Postby Tramp » Sat Mar 20, 2004 6:34 pm

Hey, Dr. J. As much as I like the Jungle--nice people and no dress code—have you noticed that everyone that walks in here develops a speech impediment? What's with that? Of course, almost every cartoon character has one too.
That a life will be spent gaining inches,
When this distance is read in miles.

The Rock
Posts: 433
Joined: Wed Mar 10, 2004 9:02 am
Location: On The Ohio River

Postby The Rock » Sat Mar 20, 2004 6:39 pm

Gud to see ya Doc! Got any stuff for ol Rock's hangofer? That there T-Bird stuff duues a job on ya.
Ain't had the good ol moonshine since Rock left the hills of West Virginny.

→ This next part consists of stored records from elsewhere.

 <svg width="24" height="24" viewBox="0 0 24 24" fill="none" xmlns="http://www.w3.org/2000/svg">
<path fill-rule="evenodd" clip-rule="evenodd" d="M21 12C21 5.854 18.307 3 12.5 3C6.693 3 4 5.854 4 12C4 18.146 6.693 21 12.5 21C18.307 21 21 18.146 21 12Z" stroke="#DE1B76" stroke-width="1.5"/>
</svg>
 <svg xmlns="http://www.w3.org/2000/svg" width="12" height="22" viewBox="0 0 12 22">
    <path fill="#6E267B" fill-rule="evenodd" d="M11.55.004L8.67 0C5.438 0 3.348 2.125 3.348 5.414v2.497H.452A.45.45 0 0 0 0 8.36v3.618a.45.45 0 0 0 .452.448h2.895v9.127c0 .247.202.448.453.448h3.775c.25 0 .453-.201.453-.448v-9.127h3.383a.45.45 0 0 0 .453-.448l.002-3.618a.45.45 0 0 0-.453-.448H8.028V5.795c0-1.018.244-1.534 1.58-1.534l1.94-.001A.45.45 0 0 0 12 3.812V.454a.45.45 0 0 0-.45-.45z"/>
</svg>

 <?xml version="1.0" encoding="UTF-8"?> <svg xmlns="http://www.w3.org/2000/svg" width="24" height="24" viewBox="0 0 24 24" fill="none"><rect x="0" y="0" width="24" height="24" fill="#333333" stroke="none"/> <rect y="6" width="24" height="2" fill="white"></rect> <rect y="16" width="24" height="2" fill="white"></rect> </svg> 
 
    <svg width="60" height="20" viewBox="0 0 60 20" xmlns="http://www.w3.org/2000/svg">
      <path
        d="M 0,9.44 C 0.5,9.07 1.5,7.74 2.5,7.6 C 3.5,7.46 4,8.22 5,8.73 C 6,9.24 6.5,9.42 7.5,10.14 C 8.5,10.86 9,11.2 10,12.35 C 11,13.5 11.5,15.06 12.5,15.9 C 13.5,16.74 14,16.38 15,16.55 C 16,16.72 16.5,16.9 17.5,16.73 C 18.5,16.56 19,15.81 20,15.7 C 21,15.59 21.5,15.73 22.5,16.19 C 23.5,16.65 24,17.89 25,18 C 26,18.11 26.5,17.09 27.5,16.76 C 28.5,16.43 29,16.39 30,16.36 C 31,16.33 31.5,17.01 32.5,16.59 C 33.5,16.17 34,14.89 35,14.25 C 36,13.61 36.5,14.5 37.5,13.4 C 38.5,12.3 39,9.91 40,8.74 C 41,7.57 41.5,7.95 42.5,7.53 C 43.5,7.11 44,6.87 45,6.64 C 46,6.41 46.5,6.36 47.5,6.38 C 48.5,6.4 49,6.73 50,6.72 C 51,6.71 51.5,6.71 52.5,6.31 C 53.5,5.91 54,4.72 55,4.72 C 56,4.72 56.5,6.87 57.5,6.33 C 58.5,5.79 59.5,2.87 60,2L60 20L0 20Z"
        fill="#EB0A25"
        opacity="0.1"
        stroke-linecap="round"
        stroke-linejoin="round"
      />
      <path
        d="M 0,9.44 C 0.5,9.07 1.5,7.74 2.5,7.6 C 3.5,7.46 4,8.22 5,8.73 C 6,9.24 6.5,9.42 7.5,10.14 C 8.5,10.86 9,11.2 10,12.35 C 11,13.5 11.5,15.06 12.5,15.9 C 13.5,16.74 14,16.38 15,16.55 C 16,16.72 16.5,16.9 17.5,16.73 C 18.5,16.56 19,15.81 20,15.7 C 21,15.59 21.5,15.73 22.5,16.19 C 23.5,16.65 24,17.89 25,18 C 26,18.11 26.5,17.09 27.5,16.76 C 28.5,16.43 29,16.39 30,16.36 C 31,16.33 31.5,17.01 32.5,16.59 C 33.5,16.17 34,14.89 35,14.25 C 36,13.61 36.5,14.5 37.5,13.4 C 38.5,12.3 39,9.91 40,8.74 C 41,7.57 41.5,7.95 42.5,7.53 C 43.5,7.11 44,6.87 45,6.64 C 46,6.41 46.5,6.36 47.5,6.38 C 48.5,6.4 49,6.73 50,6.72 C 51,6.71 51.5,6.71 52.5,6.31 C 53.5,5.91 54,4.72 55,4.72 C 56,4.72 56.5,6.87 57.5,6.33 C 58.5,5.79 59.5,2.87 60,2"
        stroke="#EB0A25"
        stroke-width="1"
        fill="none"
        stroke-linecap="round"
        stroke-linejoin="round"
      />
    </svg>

Daisy hon, you sound like a mighty fine gal. Why don't you just mosey on up to the ol campsite so we's all can get to know ya better. :wink:
Doug

After all, they're just toys!

Guest

Postby Guest » Sat Mar 20, 2004 7:47 pm

Hey Tramp!
Speech impudedimunt? What speech impudedimunt? :wink:

Rock, this here joe will cure what ails ya. That an this bottle of aspirin I happened to find. Ah decided to lay off that T-Bird stuff long ago - kept seein' two of evrythin'. That's bad when yore tryin' to hop a freight!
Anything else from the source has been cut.